Records from a collection
+++
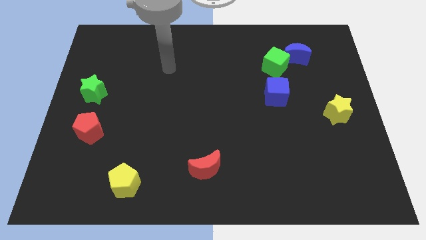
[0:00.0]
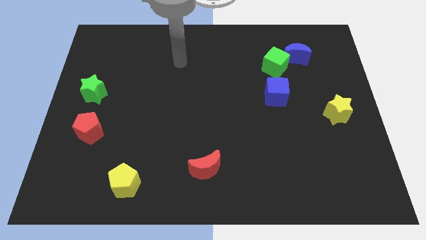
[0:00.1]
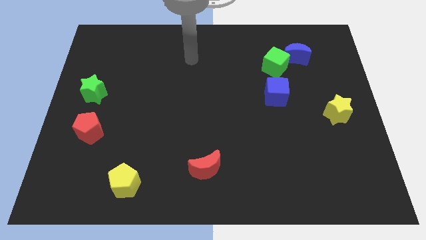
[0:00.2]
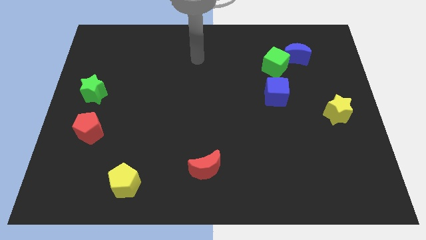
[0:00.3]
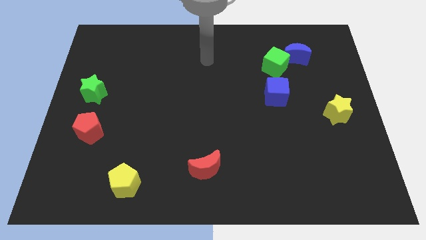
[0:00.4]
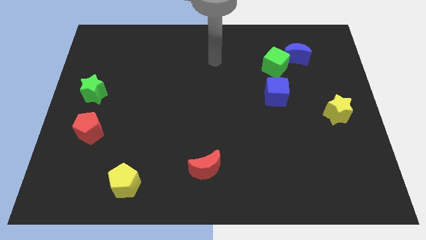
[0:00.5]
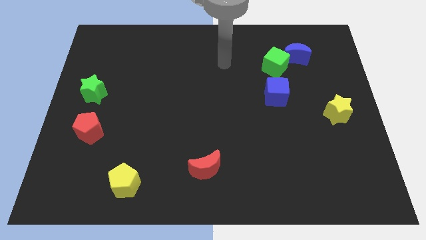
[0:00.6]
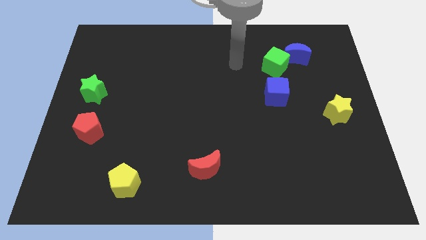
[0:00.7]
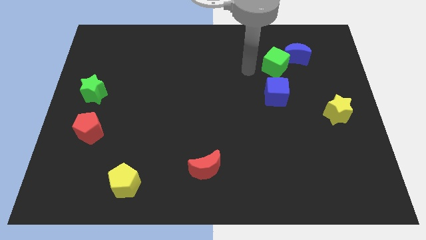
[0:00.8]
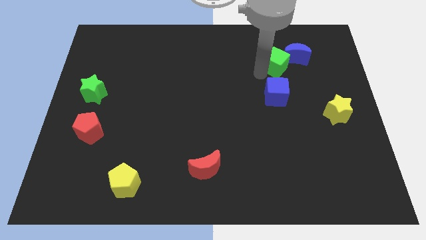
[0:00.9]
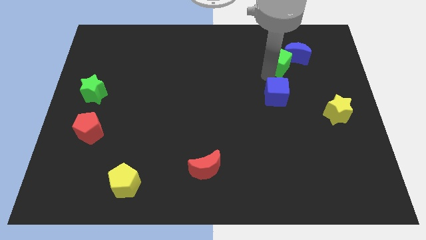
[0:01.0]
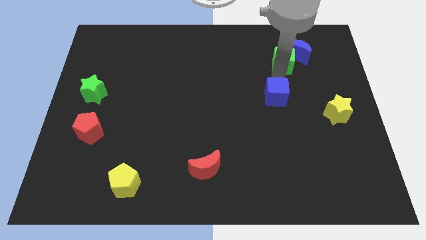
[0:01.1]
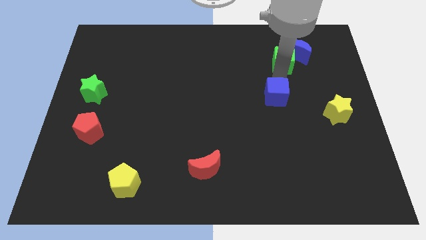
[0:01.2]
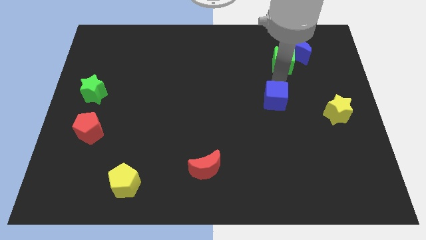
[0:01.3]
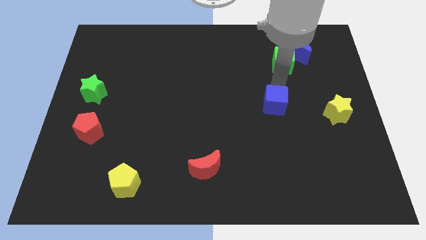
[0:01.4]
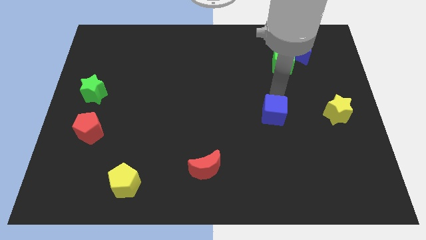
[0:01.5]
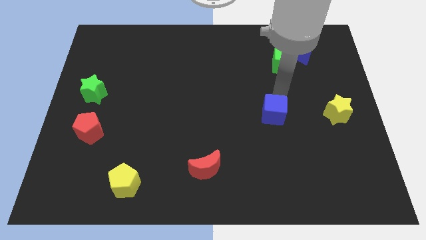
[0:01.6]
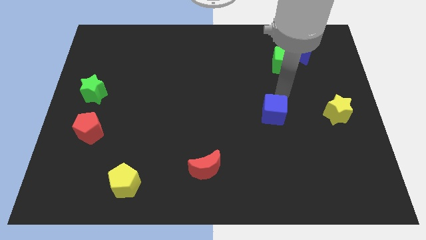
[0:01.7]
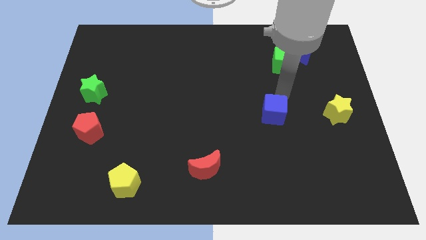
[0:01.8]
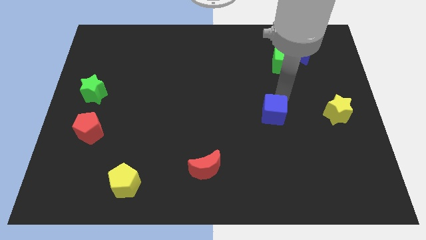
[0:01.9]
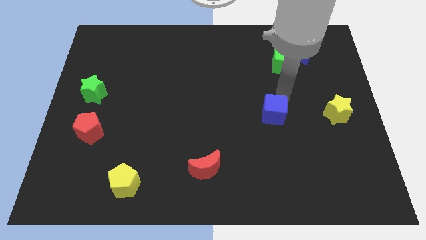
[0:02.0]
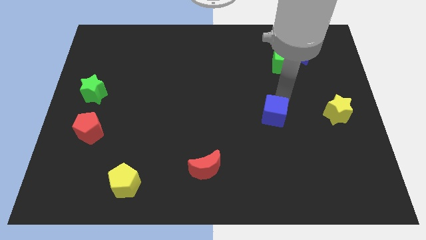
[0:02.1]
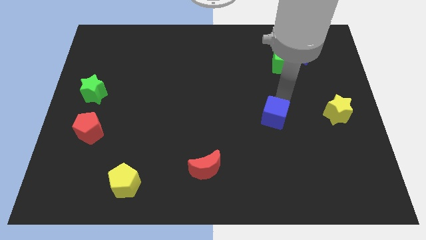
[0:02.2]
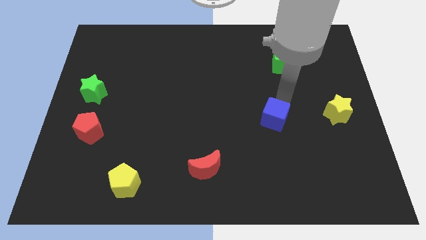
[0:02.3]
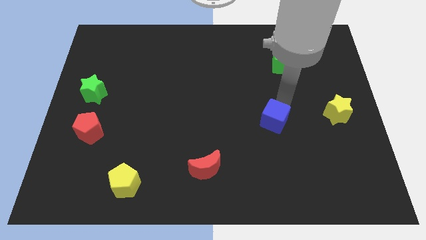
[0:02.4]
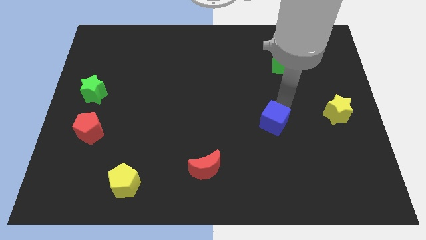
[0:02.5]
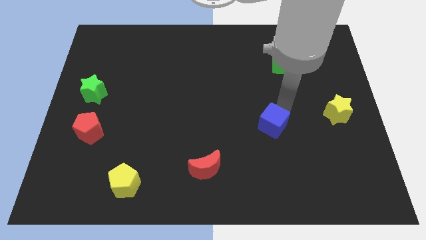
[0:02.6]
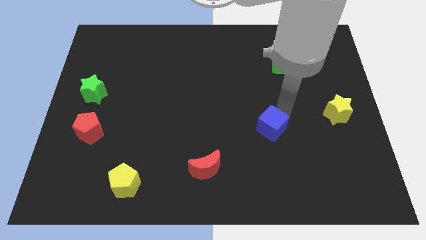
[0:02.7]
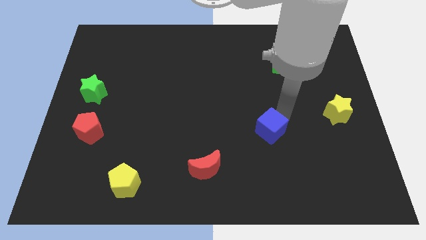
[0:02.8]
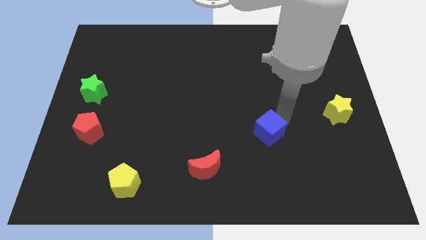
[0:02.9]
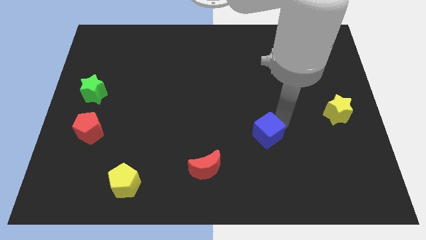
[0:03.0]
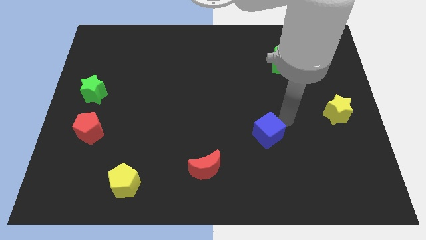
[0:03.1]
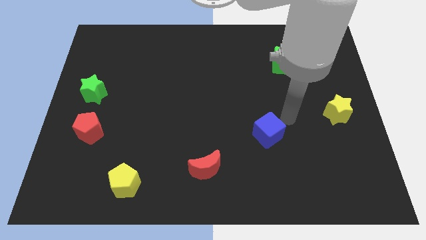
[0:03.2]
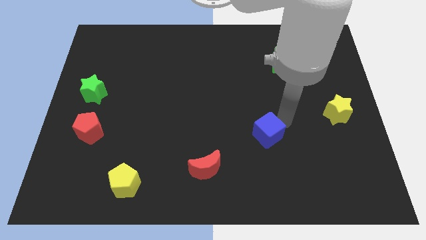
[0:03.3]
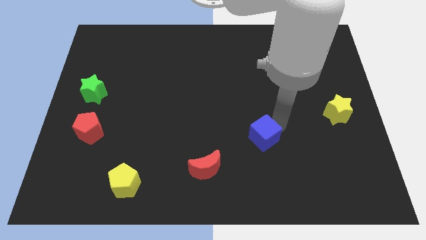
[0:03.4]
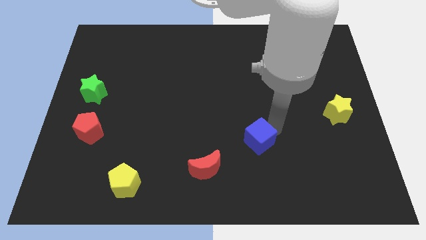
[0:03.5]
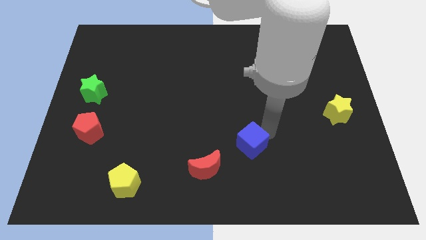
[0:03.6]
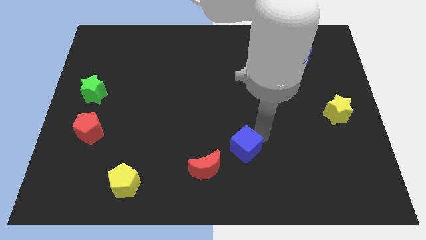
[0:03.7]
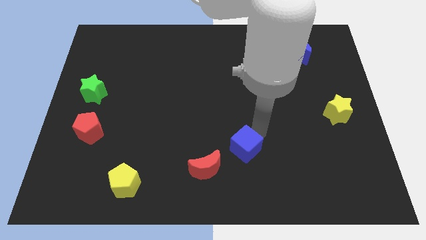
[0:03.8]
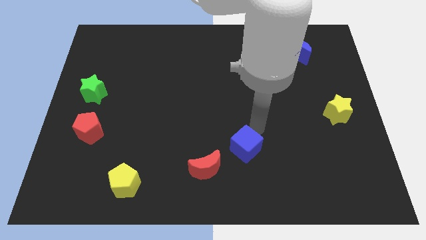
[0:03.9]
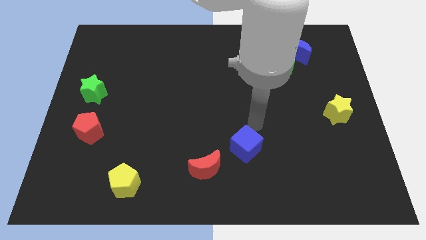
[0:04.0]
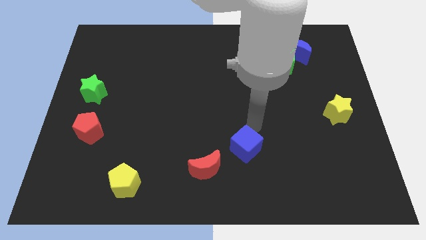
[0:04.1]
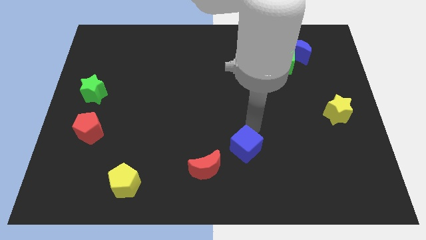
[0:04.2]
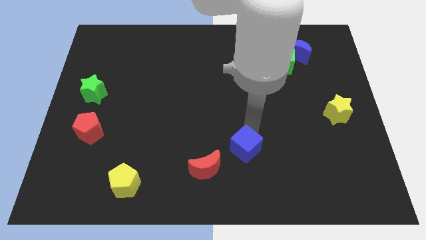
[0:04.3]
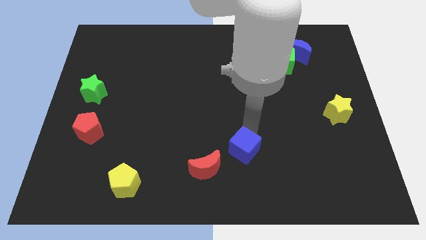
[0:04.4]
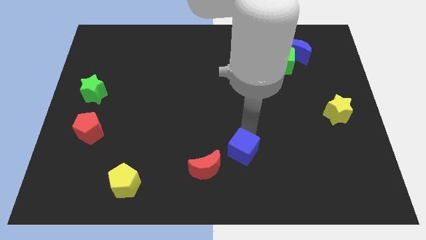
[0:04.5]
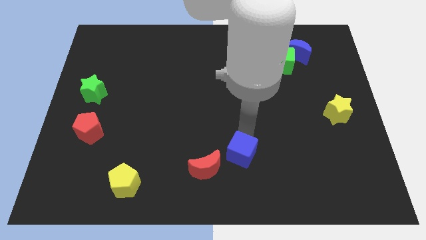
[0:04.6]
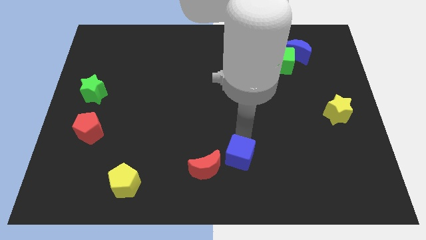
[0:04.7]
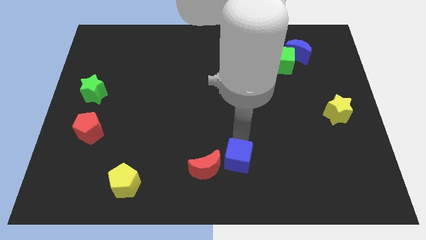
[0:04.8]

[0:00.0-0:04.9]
put the blue cube to the bottom
+++
* _Task instructions_
Reproduce the data word for word; no pictures.

* _Task result_
[0:00.0]
[0:00.1]
[0:00.2]
[0:00.3]
[0:00.4]
[0:00.5]
[0:00.6]
[0:00.7]
[0:00.8]
[0:00.9]
[0:01.0]
[0:01.1]
[0:01.2]
[0:01.3]
[0:01.4]
[0:01.5]
[0:01.6]
[0:01.7]
[0:01.8]
[0:01.9]
[0:02.0]
[0:02.1]
[0:02.2]
[0:02.3]
[0:02.4]
[0:02.5]
[0:02.6]
[0:02.7]
[0:02.8]
[0:02.9]
[0:03.0]
[0:03.1]
[0:03.2]
[0:03.3]
[0:03.4]
[0:03.5]
[0:03.6]
[0:03.7]
[0:03.8]
[0:03.9]
[0:04.0]
[0:04.1]
[0:04.2]
[0:04.3]
[0:04.4]
[0:04.5]
[0:04.6]
[0:04.7]
[0:04.8]

[0:00.0-0:04.9]
put the blue cube to the bottom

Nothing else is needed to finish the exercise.